_TASK DESCRIPTION:_
Set down every record exactly as it appears.
━━━ DATA EXTRACTS
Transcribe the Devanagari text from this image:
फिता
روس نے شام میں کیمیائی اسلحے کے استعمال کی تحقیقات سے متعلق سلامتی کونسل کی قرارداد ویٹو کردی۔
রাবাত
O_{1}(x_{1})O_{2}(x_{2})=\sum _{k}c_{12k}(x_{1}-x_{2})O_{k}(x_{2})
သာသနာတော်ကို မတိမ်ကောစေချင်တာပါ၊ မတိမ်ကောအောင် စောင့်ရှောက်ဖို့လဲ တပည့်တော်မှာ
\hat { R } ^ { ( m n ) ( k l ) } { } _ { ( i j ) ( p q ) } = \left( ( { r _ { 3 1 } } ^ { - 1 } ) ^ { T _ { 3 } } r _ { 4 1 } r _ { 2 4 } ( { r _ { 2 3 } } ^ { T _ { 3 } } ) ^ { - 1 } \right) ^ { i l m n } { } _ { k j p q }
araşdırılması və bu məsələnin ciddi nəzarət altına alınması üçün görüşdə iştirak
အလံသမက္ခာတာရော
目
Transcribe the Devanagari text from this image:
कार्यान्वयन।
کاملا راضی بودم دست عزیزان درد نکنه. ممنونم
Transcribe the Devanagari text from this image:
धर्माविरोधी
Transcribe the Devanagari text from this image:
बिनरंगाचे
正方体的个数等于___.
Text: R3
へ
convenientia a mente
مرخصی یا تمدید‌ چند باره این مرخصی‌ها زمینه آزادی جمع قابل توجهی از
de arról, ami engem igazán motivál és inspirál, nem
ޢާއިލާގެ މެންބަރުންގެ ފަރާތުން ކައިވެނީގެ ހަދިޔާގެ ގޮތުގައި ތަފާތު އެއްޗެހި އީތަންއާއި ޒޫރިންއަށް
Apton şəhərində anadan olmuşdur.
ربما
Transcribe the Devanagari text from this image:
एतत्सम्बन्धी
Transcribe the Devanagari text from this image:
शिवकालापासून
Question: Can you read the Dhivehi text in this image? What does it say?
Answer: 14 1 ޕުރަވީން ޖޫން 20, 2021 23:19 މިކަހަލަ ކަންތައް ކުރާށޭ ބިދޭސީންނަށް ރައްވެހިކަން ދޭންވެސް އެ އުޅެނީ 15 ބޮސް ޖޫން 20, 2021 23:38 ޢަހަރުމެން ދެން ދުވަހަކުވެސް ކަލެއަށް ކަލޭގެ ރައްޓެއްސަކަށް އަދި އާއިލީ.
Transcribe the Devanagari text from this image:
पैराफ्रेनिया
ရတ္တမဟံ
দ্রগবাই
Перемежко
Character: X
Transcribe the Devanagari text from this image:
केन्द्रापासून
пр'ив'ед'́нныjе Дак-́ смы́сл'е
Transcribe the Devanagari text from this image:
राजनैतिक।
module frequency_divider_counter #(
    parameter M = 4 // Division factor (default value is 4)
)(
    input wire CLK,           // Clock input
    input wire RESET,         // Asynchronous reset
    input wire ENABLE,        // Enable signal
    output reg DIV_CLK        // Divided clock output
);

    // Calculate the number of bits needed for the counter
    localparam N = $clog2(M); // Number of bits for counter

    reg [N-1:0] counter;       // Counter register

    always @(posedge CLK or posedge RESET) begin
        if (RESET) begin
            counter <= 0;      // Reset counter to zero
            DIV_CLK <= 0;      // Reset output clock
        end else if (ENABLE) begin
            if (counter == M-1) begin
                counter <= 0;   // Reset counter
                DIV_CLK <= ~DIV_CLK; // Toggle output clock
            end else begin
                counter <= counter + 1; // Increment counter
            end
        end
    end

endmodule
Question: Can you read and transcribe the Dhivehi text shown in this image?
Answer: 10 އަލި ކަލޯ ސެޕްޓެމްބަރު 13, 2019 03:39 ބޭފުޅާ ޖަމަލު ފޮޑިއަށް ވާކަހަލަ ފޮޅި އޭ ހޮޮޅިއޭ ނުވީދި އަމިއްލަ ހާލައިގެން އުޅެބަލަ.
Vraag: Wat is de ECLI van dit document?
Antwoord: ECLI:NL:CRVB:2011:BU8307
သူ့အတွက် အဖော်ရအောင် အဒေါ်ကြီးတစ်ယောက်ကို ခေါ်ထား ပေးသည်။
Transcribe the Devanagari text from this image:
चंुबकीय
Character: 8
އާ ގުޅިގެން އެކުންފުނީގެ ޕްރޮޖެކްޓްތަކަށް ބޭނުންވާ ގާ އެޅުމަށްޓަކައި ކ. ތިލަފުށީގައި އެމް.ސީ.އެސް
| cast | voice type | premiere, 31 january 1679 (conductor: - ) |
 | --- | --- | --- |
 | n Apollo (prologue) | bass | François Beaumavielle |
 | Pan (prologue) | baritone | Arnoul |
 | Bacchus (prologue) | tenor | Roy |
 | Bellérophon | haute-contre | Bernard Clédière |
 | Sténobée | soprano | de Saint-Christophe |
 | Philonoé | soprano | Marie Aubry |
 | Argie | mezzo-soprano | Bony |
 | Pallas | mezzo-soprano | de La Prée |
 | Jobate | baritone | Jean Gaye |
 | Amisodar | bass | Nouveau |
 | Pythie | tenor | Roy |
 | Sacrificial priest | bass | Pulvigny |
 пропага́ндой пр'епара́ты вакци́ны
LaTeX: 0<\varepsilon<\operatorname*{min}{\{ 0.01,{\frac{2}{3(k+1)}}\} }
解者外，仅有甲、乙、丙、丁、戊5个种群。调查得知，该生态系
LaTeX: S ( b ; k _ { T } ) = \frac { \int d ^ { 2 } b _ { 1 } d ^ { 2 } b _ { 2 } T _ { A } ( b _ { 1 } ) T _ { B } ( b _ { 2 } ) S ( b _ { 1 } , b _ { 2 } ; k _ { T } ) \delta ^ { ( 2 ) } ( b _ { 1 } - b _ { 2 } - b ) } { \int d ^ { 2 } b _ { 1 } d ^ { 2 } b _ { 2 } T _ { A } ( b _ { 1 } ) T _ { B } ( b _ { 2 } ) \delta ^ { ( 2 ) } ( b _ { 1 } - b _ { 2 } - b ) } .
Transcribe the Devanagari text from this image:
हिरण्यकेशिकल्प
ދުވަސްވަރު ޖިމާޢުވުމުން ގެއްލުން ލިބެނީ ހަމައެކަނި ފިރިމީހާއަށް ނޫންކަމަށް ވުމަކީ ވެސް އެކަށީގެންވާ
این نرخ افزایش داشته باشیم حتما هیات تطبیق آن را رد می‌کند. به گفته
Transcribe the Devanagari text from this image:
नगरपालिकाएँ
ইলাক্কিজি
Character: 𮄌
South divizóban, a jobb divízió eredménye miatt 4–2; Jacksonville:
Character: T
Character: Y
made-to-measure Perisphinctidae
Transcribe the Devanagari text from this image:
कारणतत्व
━━━━━━
_REPLY TO THE TASK:_
Transcribe the Devanagari text from this image:
फिता
روس نے شام میں کیمیائی اسلحے کے استعمال کی تحقیقات سے متعلق سلامتی کونسل کی قرارداد ویٹو کردی۔
রাবাত
O_{1}(x_{1})O_{2}(x_{2})=\sum _{k}c_{12k}(x_{1}-x_{2})O_{k}(x_{2})
သာသနာတော်ကို မတိမ်ကောစေချင်တာပါ၊ မတိမ်ကောအောင် စောင့်ရှောက်ဖို့လဲ တပည့်တော်မှာ
\hat { R } ^ { ( m n ) ( k l ) } { } _ { ( i j ) ( p q ) } = \left( ( { r _ { 3 1 } } ^ { - 1 } ) ^ { T _ { 3 } } r _ { 4 1 } r _ { 2 4 } ( { r _ { 2 3 } } ^ { T _ { 3 } } ) ^ { - 1 } \right) ^ { i l m n } { } _ { k j p q }
araşdırılması və bu məsələnin ciddi nəzarət altına alınması üçün görüşdə iştirak
အလံသမက္ခာတာရော
目
Transcribe the Devanagari text from this image:
कार्यान्वयन।
کاملا راضی بودم دست عزیزان درد نکنه. ممنونم
Transcribe the Devanagari text from this image:
धर्माविरोधी
Transcribe the Devanagari text from this image:
बिनरंगाचे
正方体的个数等于___.
Text: R3
へ
convenientia a mente
مرخصی یا تمدید‌ چند باره این مرخصی‌ها زمینه آزادی جمع قابل توجهی از
de arról, ami engem igazán motivál és inspirál, nem
ޢާއިލާގެ މެންބަރުންގެ ފަރާތުން ކައިވެނީގެ ހަދިޔާގެ ގޮތުގައި ތަފާތު އެއްޗެހި އީތަންއާއި ޒޫރިންއަށް
Apton şəhərində anadan olmuşdur.
ربما
Transcribe the Devanagari text from this image:
एतत्सम्बन्धी
Transcribe the Devanagari text from this image:
शिवकालापासून
Question: Can you read the Dhivehi text in this image? What does it say?
Answer: 14 1 ޕުރަވީން ޖޫން 20, 2021 23:19 މިކަހަލަ ކަންތައް ކުރާށޭ ބިދޭސީންނަށް ރައްވެހިކަން ދޭންވެސް އެ އުޅެނީ 15 ބޮސް ޖޫން 20, 2021 23:38 ޢަހަރުމެން ދެން ދުވަހަކުވެސް ކަލެއަށް ކަލޭގެ ރައްޓެއްސަކަށް އަދި އާއިލީ.
Transcribe the Devanagari text from this image:
पैराफ्रेनिया
ရတ္တမဟံ
দ্রগবাই
Перемежко
Character: X
Transcribe the Devanagari text from this image:
केन्द्रापासून
пр'ив'ед'́нныjе Дак-́ смы́сл'е
Transcribe the Devanagari text from this image:
राजनैतिक।
module frequency_divider_counter #(
    parameter M = 4 // Division factor (default value is 4)
)(
    input wire CLK,           // Clock input
    input wire RESET,         // Asynchronous reset
    input wire ENABLE,        // Enable signal
    output reg DIV_CLK        // Divided clock output
);

    // Calculate the number of bits needed for the counter
    localparam N = $clog2(M); // Number of bits for counter

    reg [N-1:0] counter;       // Counter register

    always @(posedge CLK or posedge RESET) begin
        if (RESET) begin
            counter <= 0;      // Reset counter to zero
            DIV_CLK <= 0;      // Reset output clock
        end else if (ENABLE) begin
            if (counter == M-1) begin
                counter <= 0;   // Reset counter
                DIV_CLK <= ~DIV_CLK; // Toggle output clock
            end else begin
                counter <= counter + 1; // Increment counter
            end
        end
    end

endmodule
Question: Can you read and transcribe the Dhivehi text shown in this image?
Answer: 10 އަލި ކަލޯ ސެޕްޓެމްބަރު 13, 2019 03:39 ބޭފުޅާ ޖަމަލު ފޮޑިއަށް ވާކަހަލަ ފޮޅި އޭ ހޮޮޅިއޭ ނުވީދި އަމިއްލަ ހާލައިގެން އުޅެބަލަ.
Vraag: Wat is de ECLI van dit document?
Antwoord: ECLI:NL:CRVB:2011:BU8307
သူ့အတွက် အဖော်ရအောင် အဒေါ်ကြီးတစ်ယောက်ကို ခေါ်ထား ပေးသည်။
Transcribe the Devanagari text from this image:
चंुबकीय
Character: 8
އާ ގުޅިގެން އެކުންފުނީގެ ޕްރޮޖެކްޓްތަކަށް ބޭނުންވާ ގާ އެޅުމަށްޓަކައި ކ. ތިލަފުށީގައި އެމް.ސީ.އެސް
| cast | voice type | premiere, 31 january 1679 (conductor: - ) |
 | --- | --- | --- |
 | n Apollo (prologue) | bass | François Beaumavielle |
 | Pan (prologue) | baritone | Arnoul |
 | Bacchus (prologue) | tenor | Roy |
 | Bellérophon | haute-contre | Bernard Clédière |
 | Sténobée | soprano | de Saint-Christophe |
 | Philonoé | soprano | Marie Aubry |
 | Argie | mezzo-soprano | Bony |
 | Pallas | mezzo-soprano | de La Prée |
 | Jobate | baritone | Jean Gaye |
 | Amisodar | bass | Nouveau |
 | Pythie | tenor | Roy |
 | Sacrificial priest | bass | Pulvigny |
 пропага́ндой пр'епара́ты вакци́ны
LaTeX: 0<\varepsilon<\operatorname*{min}{\{ 0.01,{\frac{2}{3(k+1)}}\} }
解者外，仅有甲、乙、丙、丁、戊5个种群。调查得知，该生态系
LaTeX: S ( b ; k _ { T } ) = \frac { \int d ^ { 2 } b _ { 1 } d ^ { 2 } b _ { 2 } T _ { A } ( b _ { 1 } ) T _ { B } ( b _ { 2 } ) S ( b _ { 1 } , b _ { 2 } ; k _ { T } ) \delta ^ { ( 2 ) } ( b _ { 1 } - b _ { 2 } - b ) } { \int d ^ { 2 } b _ { 1 } d ^ { 2 } b _ { 2 } T _ { A } ( b _ { 1 } ) T _ { B } ( b _ { 2 } ) \delta ^ { ( 2 ) } ( b _ { 1 } - b _ { 2 } - b ) } .
Transcribe the Devanagari text from this image:
हिरण्यकेशिकल्प
ދުވަސްވަރު ޖިމާޢުވުމުން ގެއްލުން ލިބެނީ ހަމައެކަނި ފިރިމީހާއަށް ނޫންކަމަށް ވުމަކީ ވެސް އެކަށީގެންވާ
این نرخ افزایش داشته باشیم حتما هیات تطبیق آن را رد می‌کند. به گفته
Transcribe the Devanagari text from this image:
नगरपालिकाएँ
ইলাক্কিজি
Character: 𮄌
South divizóban, a jobb divízió eredménye miatt 4–2; Jacksonville:
Character: T
Character: Y
made-to-measure Perisphinctidae
Transcribe the Devanagari text from this image:
कारणतत्व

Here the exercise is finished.